The important point of this innovative process was the type of acid that was chosen to be used. In previously published studies (9-10) many of these researchers used a variety of acids such as chloric acid, nitric acid and formic acid, in different consistencies for decalcification of teeth in order to make the teeth transparent. Unfortunately, these acids used in those consistencies, were not able to eliminate organic tissues such as collagen and they could only eliminate mineral matter on teeth and the structure of collagen remained; and although they became soft and flexible, they retained their primary shape. However, in the process of this study it was necessary to take samples of matrix and mineral materials, which also included organic and mineral tissues. While conducting various tests it became obvious that sulfuric acid was more able to carry out this targeted action. It worths mentioning that increasing the consistency of acids used in the process of teeth clearing caused complete decomposition of teeth and prevented the taking of matrix samples.

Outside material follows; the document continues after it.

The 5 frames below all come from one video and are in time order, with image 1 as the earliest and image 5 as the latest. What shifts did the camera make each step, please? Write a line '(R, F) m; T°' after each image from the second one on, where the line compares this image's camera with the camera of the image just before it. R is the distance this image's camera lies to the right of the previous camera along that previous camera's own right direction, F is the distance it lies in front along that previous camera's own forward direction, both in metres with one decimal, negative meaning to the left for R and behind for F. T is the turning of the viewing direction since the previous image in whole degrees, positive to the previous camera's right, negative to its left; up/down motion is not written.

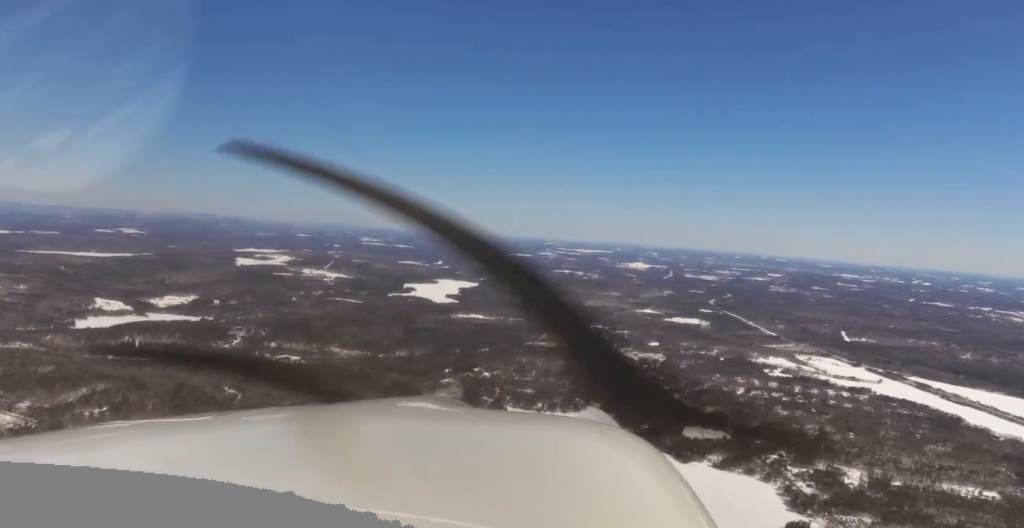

Regarding the consistency used, it must be noted that this consistency had a direct relation with the duration of developing resorption.

While experimenting with different consistencies, 10%, 20%, 30%, it appeared that 20% was the best consistency, when used in a suitable time frame, for controlling the total depth of developed resorption. The reason is that increasing the consistency expedited the development of resorption and therefore the researcher would have lost control of developing the desired patterns. In this study due to the effect of irregular acid resorption on external and internal walls, the apical region was prepared; therefore, regular resorption patterns similar to real cases occurred.

At the end, this is noteworthy that these methods can be used for other studies and are not exclusive for apical region. Moreover, the mentioned procedure can be also be used to resemble a variety of resorptions such as surface cervical resorption, external and internal resorption, and resorptions causing perforations in diverse areas.

CONCLUSION

According to our finding we conclude that the present method for simulation of the root resorption can be used in many experimental studies.